Elasticsearch Service
- In the starter code folder you downloaded from LATTE, es_service/ module defines the document mapping and the index for loading the WAPO docs into ES. In the file es_service/doc_template.py, you need to build a custom analyzer that consists of a snowball stemmer, an asciifolding token filter, a lowercase token filter and a standard tokenizer. It will be used for the custom_content field from BaseDoc mapping.
- File example_analyzer.py provides examples that allow you to simulate the output from ES analyzers. You can test your customized analyzer in this file before it’s been applied to the ES index.
- To build the index and load the data into ES, check load_es_index.py and scripts.sh for argument options and usage.

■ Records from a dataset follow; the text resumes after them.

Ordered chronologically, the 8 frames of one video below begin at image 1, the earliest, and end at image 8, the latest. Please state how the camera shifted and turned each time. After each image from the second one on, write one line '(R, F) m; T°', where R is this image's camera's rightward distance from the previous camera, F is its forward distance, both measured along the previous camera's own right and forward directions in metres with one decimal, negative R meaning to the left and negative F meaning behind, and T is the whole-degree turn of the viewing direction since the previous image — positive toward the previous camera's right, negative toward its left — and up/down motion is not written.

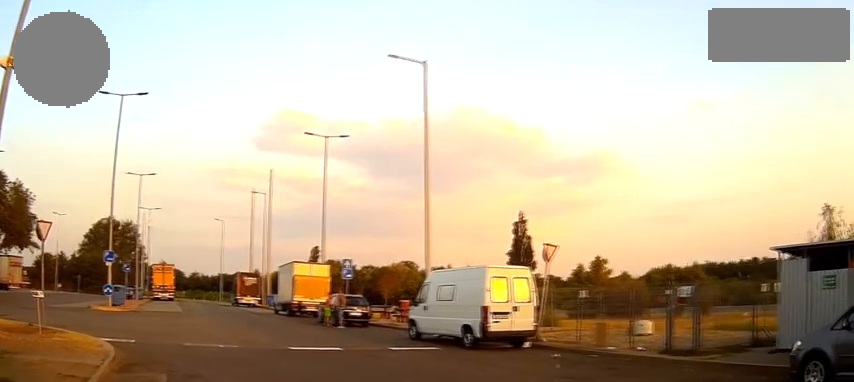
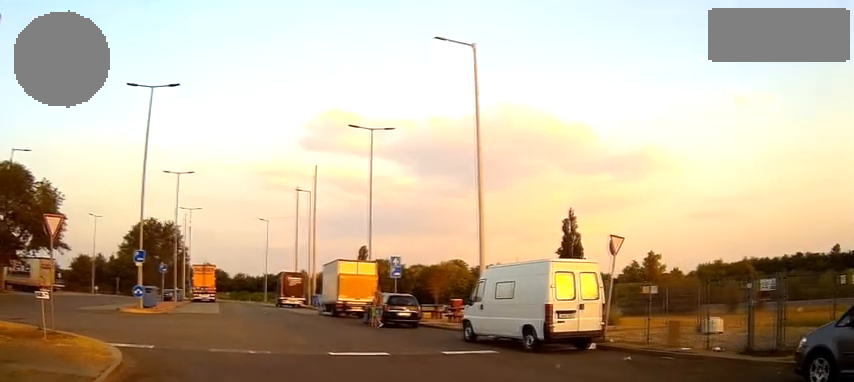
(0.0, +1.7) m; -2°
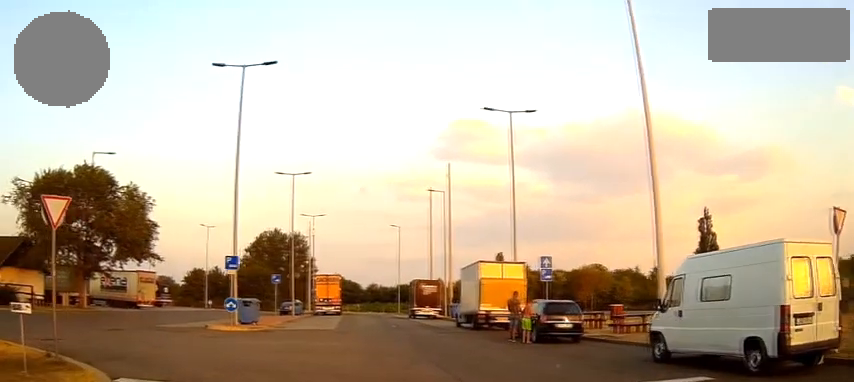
(-0.3, +4.6) m; -12°
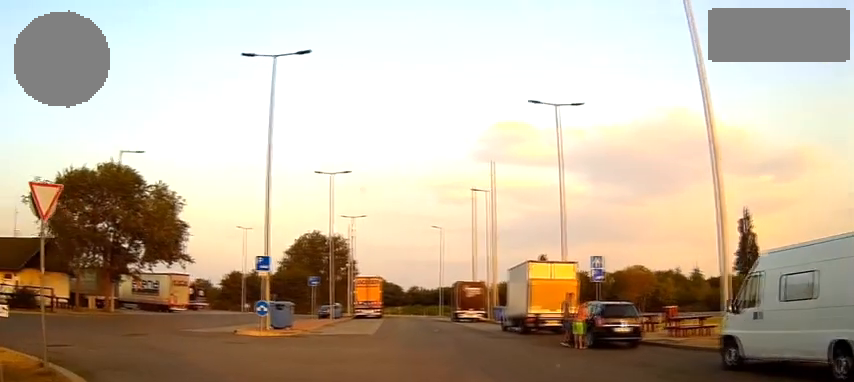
(-0.1, +1.6) m; -5°
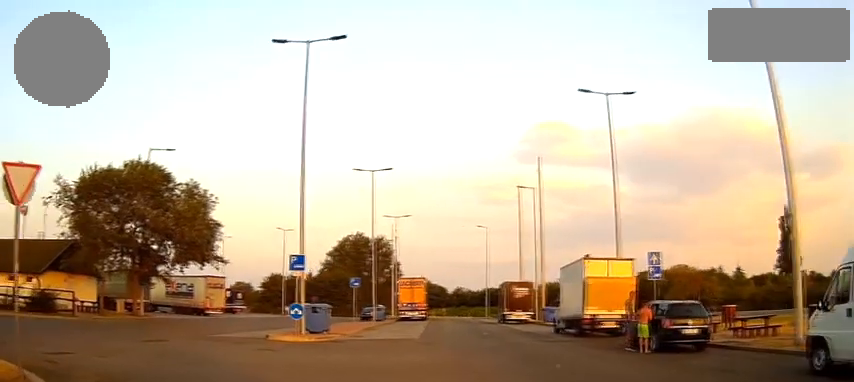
(-0.1, +1.8) m; -5°
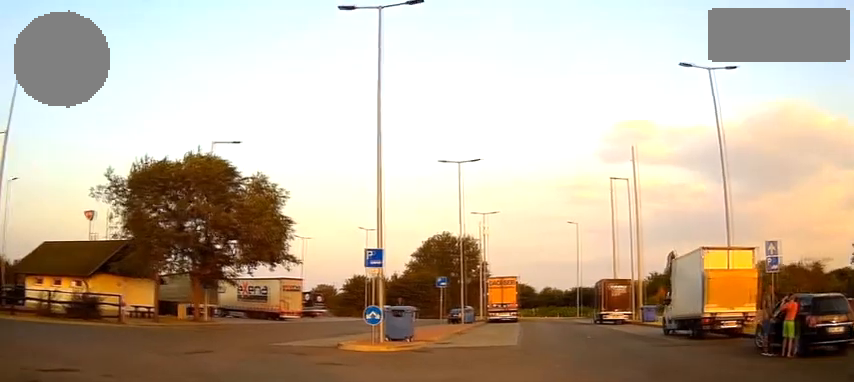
(-0.2, +3.5) m; -8°
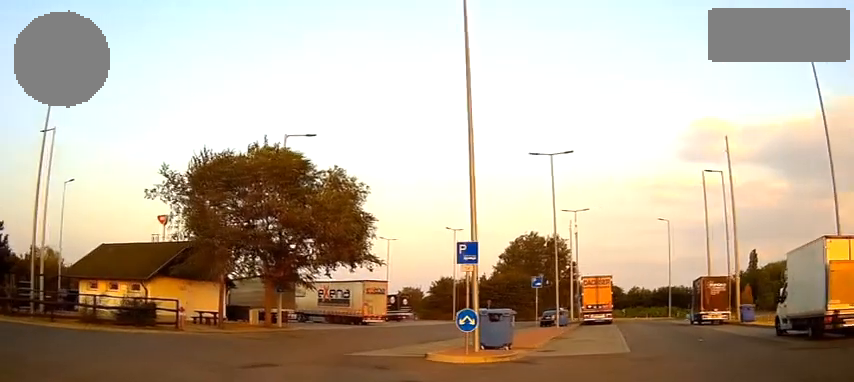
(0.0, +2.8) m; -7°
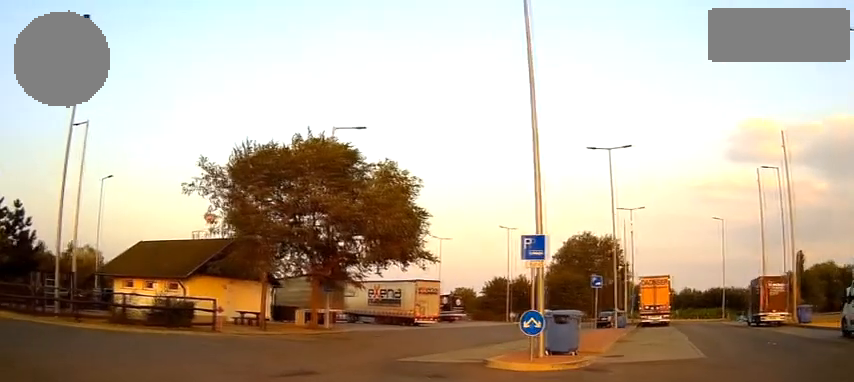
(-0.2, +1.7) m; -4°
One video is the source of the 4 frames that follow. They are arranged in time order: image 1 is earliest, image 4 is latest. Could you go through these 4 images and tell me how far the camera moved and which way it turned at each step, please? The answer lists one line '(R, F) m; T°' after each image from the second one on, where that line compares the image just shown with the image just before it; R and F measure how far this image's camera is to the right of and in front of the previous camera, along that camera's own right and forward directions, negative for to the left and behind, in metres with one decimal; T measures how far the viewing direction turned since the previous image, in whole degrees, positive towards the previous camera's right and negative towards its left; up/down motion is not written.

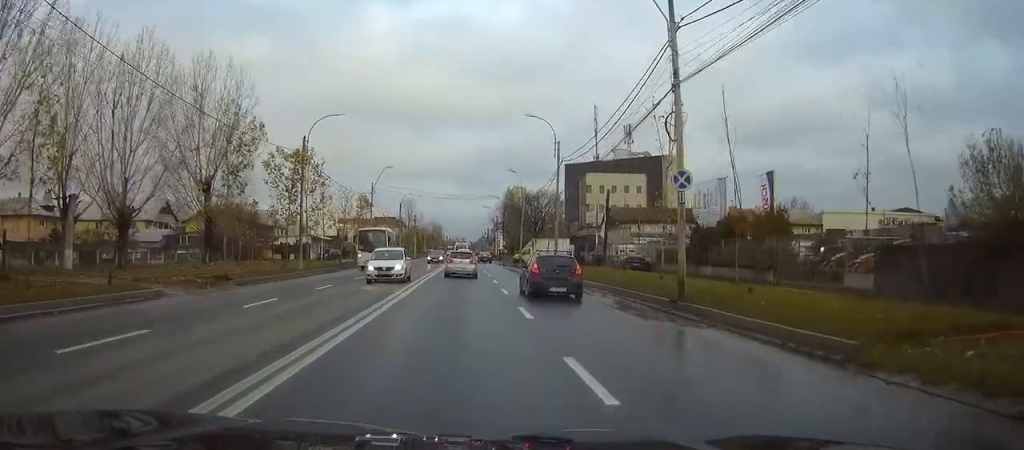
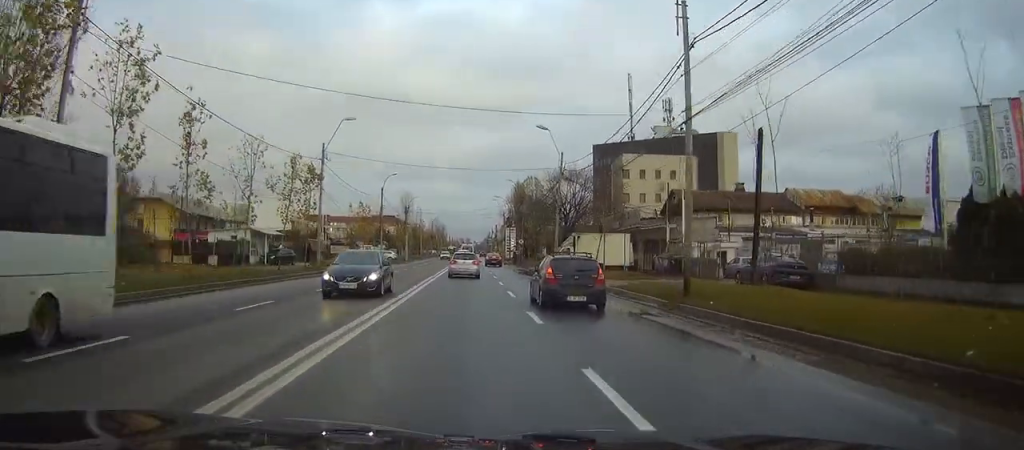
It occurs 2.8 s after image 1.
(-0.6, +34.9) m; -1°
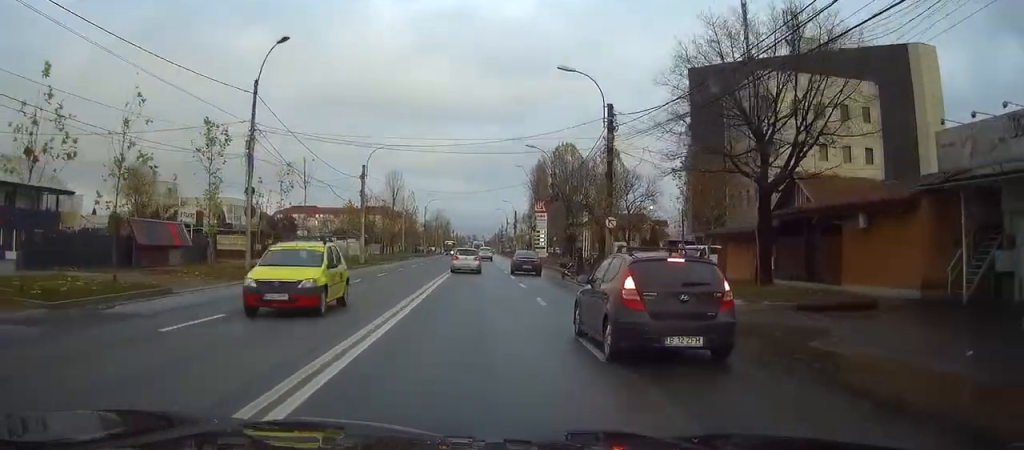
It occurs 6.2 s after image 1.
(0.0, +47.3) m; -1°
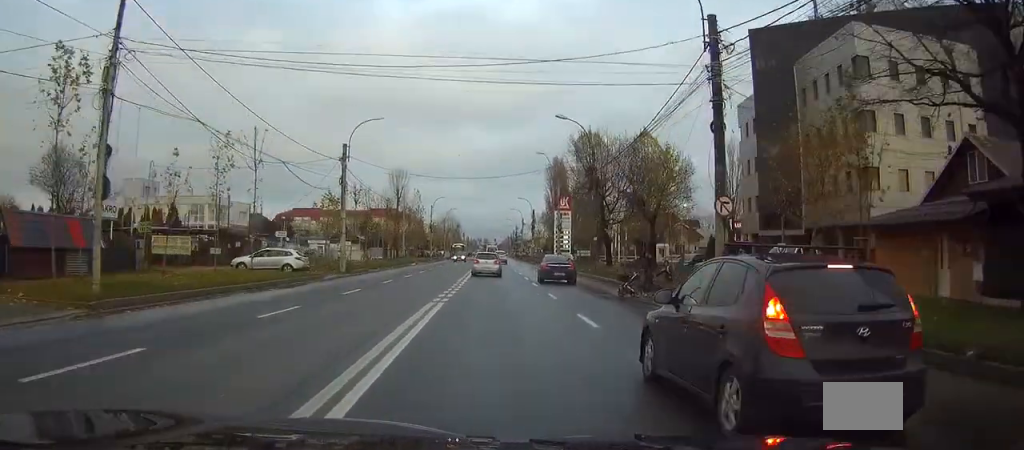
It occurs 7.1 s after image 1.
(0.0, +13.6) m; 0°
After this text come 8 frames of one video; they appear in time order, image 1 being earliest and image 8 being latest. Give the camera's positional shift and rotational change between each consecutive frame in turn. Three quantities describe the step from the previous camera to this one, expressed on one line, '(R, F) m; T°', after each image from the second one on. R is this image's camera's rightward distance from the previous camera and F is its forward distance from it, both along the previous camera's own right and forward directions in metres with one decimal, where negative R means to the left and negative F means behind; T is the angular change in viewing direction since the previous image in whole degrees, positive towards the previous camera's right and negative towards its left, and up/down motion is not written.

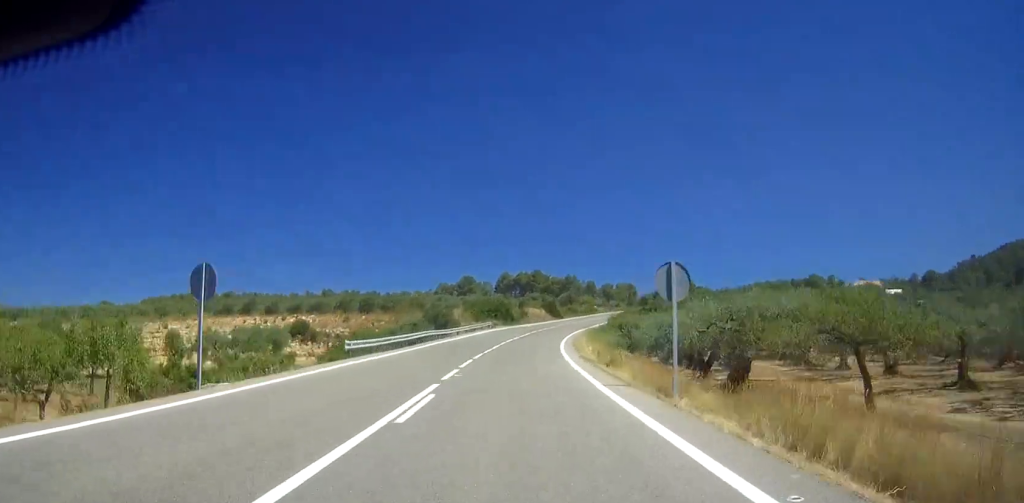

- File example_query.py provides some common types of query supported by ES. Play around with it and think about how it can be integrated into your system. Make sure you have started your ES server before you run the queries. Also start your embedding server if your query involves computing cosine similarity between embeddings.
Programming Problems
- In the file es_service/doc_template.py, implement a custom analyzer that consists of a snowball stemmer, an asciifolding token filter, a lowercase token filter and a standard tokenizer. It will be used for the custom_content field from BaseDoc mapping.
- Create a command line interface in evaluate.py that runs 3 forms of each TREC query (title, description, narrative) against each of these retrieval options, returning the top 20 matches:
BM25 + default analyzer
BM25 + custom analyzer
Reranking with fastText embeddings + default analyzer
Reranking with sentence BERT embeddings + default analyzer
You will need to implement everything needed for evaluate.py (search, evaluation, command line arguments, etc) all by yourself. The command in the script.sh is the expected form of your command line arguments, and you should implement the evaluate.py that can be executed using that command. Evaluate the performance of the first 5 TREC queries from pa5_data/topics2018.xml using NDCG@20 (implemented in metrics.py). For each query, you should produce a 4x3 table with 1 row per search type and 1 column per query type. The value of each cell is the NDCG@20 value. Include your results tables along with a paragraph of analysis of each table in the report.
- In the file hw5.py, Integrate elasticsearch into your Flask service for interactive search, allowing the user to select the text representation to use for search. For simplicity, your query should only match the text indexed in the content field or custom_content field. Provide an option (e.g. radio buttons) for the user to choose among the four retrieval options mentioned above.